One wonders, was I ever loved by my mother...  was she capable of love...  or was it always clouded up by "all about herself," her own agenda, her own need.  You're the kid who has to say, has to be the patient adult in the room, "no mom, don't fret, it was okay you acted that way, I understand why you blew up..."

But that's not quite fair either...  worth saying?  to yourself?  Born into a kind of emotional blindness, a parent's selfishness...  so you'll never see when real love is offered to you, you don't know it, so you're unaware, blind to it...

This is why one must find love in Buddha, in Jesus's little bits of wisdom, being an enlightened person, but not always explaining the whole thing as well and thoroughly has Buddha.  Earthly love being illusory without its backup, its larger program.

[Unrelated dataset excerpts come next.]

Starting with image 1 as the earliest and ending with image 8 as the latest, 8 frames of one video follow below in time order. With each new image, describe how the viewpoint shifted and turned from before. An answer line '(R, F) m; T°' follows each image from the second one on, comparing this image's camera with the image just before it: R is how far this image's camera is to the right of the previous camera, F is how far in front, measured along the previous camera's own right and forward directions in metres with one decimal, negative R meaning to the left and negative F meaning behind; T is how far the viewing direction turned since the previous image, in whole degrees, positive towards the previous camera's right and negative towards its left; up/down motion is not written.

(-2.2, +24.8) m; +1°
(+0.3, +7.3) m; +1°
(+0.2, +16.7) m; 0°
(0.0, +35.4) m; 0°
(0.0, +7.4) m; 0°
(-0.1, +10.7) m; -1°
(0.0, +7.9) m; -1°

If you can write, you're alright.  Jack Kerouac writing Dharma Bums down in Orlando, near his mom and sister's house... living his unconventional life, even as On the Road had succeeded finally after all those years, as he could not turn away from all he had fought for, but realizing his need for the quiet mendicant life.  Had he realized that fame would not destroy him, King of the Beats, the emphasis not on the enlightenment he had struggled to find and read about and worked for and all that, written one of the great texts of modern life's textual qualities, the craziness of Cassady, Ginsberg, Burroughs, but the emphasis from the cultural looking in on Kerouac being more about the terrible way he had lived, the things he endured, in order to achieve some modest form of enlightenment, rather than the enlightenment itself.  Some, of course, celebrated that enlightenment close to Buddha form, as Steve Allen got it, getting that Kerouac's "spontaneous Bob prosody" went perfectly well with the enlightenment of Jazzmen and Jazzwomen.

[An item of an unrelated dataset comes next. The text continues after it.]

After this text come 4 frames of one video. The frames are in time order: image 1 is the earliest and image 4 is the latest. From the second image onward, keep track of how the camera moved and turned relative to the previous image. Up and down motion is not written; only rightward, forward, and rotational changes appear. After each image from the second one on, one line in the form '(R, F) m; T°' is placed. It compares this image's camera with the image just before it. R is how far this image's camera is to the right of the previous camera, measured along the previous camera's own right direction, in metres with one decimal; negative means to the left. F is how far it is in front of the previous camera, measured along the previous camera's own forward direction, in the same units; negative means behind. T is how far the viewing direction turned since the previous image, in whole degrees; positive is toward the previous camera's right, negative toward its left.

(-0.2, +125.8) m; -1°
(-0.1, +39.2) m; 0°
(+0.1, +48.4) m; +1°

In the early light, impossibly early, a slow stew of aduki beans on the stove, mom still asleep, I look out the back door off the kitchen, finally having the peace to let the intuitive mind work for itself again, the joy of allowing work to happen again, with the unconscious ease that the beaver works on the dam to make the wetland marsh bloom with wildlife, eyeing the water level it takes, while feeling like stolen time, I look out the back at the long rectangular lawn and there to the left, north, by Bonnie's daughters herb and vegetable bed, there is the handsome ginger cat, and he sees me and comes galloping in.  I pick him up and he rejoices and I stroke and tickle his sides and he rubs his head closer to me, purring away.  And then the lone female deer comes walking gently past and then behind the two spruce trees.  I'm holding the cat in my arms and she comes out from behind the trees and looks at us, and I tell her she is lovely and what a nice visitor she is.  Talking to her, she is spellbound, like when you shine a light on them, but when I sit and let out a mantra, Oum Mani Padme Hum, she decides pretty much instantly to gallop off, and I wonder why.    Away she goes, trot trot trot, and we can hear her hooves hitting the hollow ground, and then up into the bushes up the overgrown greenery where the mound of earth is, puffing huffing as she gets back into the safety of the woods, as if to say, what did I just see...  Do deer eat bread?  I'll have to google it.  No, they don't.  It will make them ill.


It is not fair to mistreat the elderly, to list all their faults. They have made it so far; let them rest.